Lacan y el Barroco de Luciano Luterau

 

Por Luis Prieto

 

           No hay comentario que escape a lo injusto. Por ese motivo estas palabras tienen el afán de convertirse en invitación, y claramente, en elogio.

No hay otro modo que festejar un libro que nos recuerda como analistas que la clínica no se reduce a la experiencia sino que reflexiona, y tensiona sus propios conceptos en cada discurso que escuchamos. Ahí tienen el legado lacaniano. Pero ese movimiento de formalización de la experiencia analítica tiene un recorrido. Luciano Luterau en su libro deconstruye para nosotros el interés ético sobre la estética barroca, en tanto que ese estilo es un método de lectura.

Aquello que importa –tergiversa, torsiona y transforma- Lacan del Barroco, permitió situar las dimensiones de lo que se jacta ser su único invento, a saber, el objeto a. La lectura nos sugiere que tal vez la revolución matemática de la teoría de conjuntos haya sido aventajada por el gesto del artista barroco. Esa salida del exterior referencial que dibuja el barroco, es la manera acabada de decir que no hay metalenguaje y aún más, que no hay Otro del Otro.

La operación crítica de Luterau nos muestra ese “salto” –que es un acto- en la enseñanza de Lacan cuando nos abre a las coordenadas clínicas de lo real como lo inconmensurable, dónde el borde nos lleva a un interior en el interior, o a un exterior en el exterior. El pliegue barroco es el método, es decir: el camino. ¿El camino a dónde? A esas trampas-para-ojos, esos artefactos, que llamamos cuadros, y que nos “enseñan” a indagar el alma humana.

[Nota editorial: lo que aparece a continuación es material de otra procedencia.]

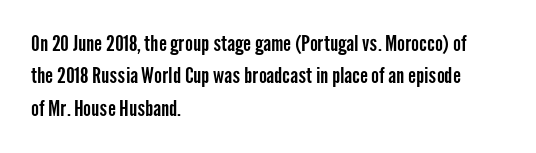
Q: Is the text italic (slanted)? A: No, it is upright.
Q: Is the text underlined? A: No.
Q: How is the paragraph aligned? A: Left-aligned.
Q: Is the spacing between letters normal or unusually wide? A: Normal.
Q: Is the spacing between lines tight, normal or loose? A: Normal.
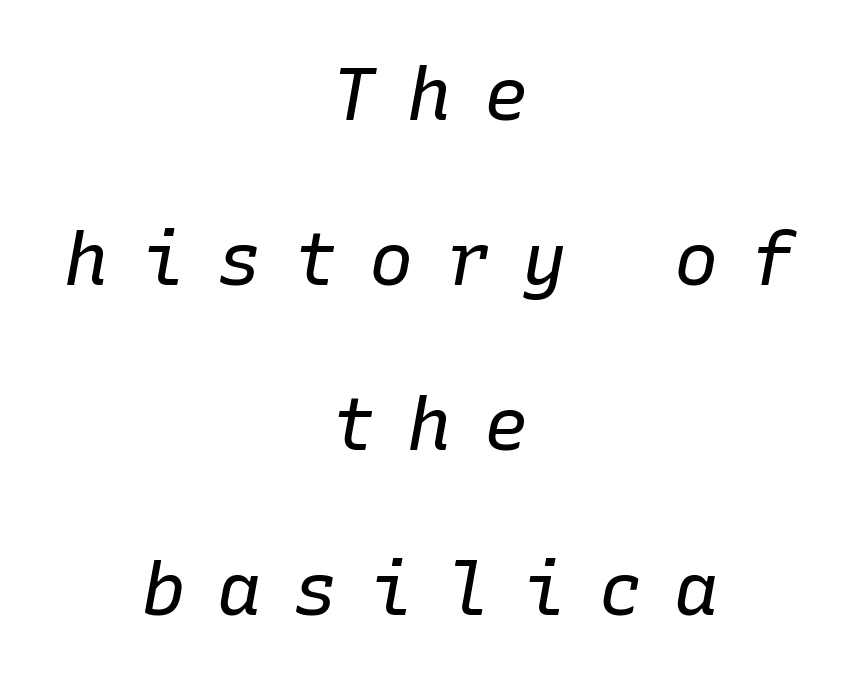
Q: Is the text bold? A: No.
Q: Is the text italic (slanted)? A: Yes, it leans right by about 10 degrees.
Q: Is the text underlined? A: No.
Q: How is the paragraph aligned? A: Centered.
Q: Is the spacing between letters normal or unusually wide? A: Unusually wide.
Q: Is the spacing between lines tight, normal or loose? A: Loose.
Q: Width (condensed, normal, or wide)? A: Normal.
Q: Stroke contrast? A: Low.
Q: x-height? A: Medium.
Q: Monospaced? A: Yes.
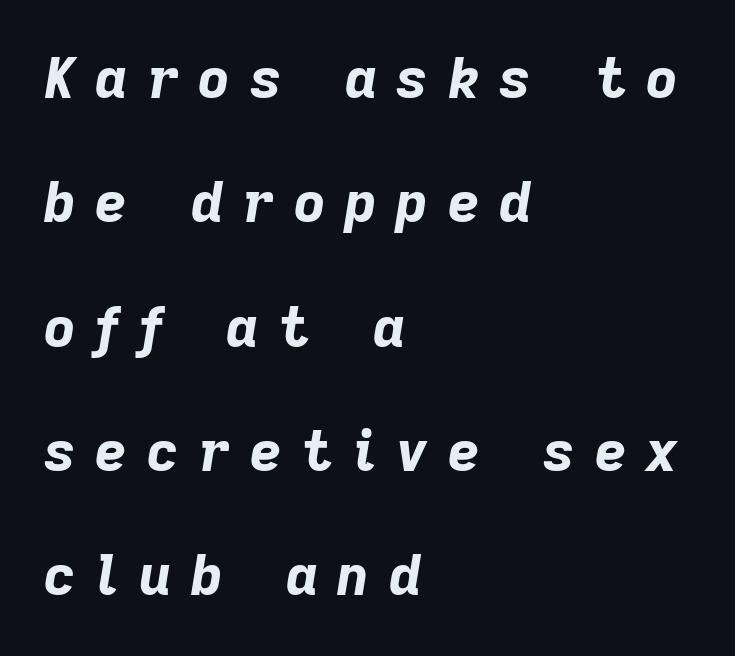
{"italic": "yes", "lean": "right", "slant_degrees": 9, "bold": "yes", "weight": "bold", "width": "normal", "stroke_contrast": "low", "x_height": "medium", "monospaced": "no", "underline": "no", "align": "left", "line_spacing": "loose", "line_spacing_ratio": 2.26, "letter_spacing": "wide", "letter_spacing_em": 0.36, "glyph_px": 55}

Es el analista concernido en la estética, es lo que “abre” el Barroco: la participación del sujeto en el cuadro. El libro expone no sólo la secuencia de la argumentación lacaniana sino que invita una y otra vez a “ver” lo que se muestra, y advertir la mirada que se hurta. Siguiendo a Luterau, la imagen barroca como símbolo, esa imagen vuelta laberinto, nos mete en la vía tanto del desciframiento singular -recorrido que permitió a Lacan poner en jaque algunas nociones (sujeto de la representación, moi, y toda idea de percipiens unificado)- como también de pensar el esfuerzo de formalización de la experiencia del sujeto del inconsciente en cuanto tal.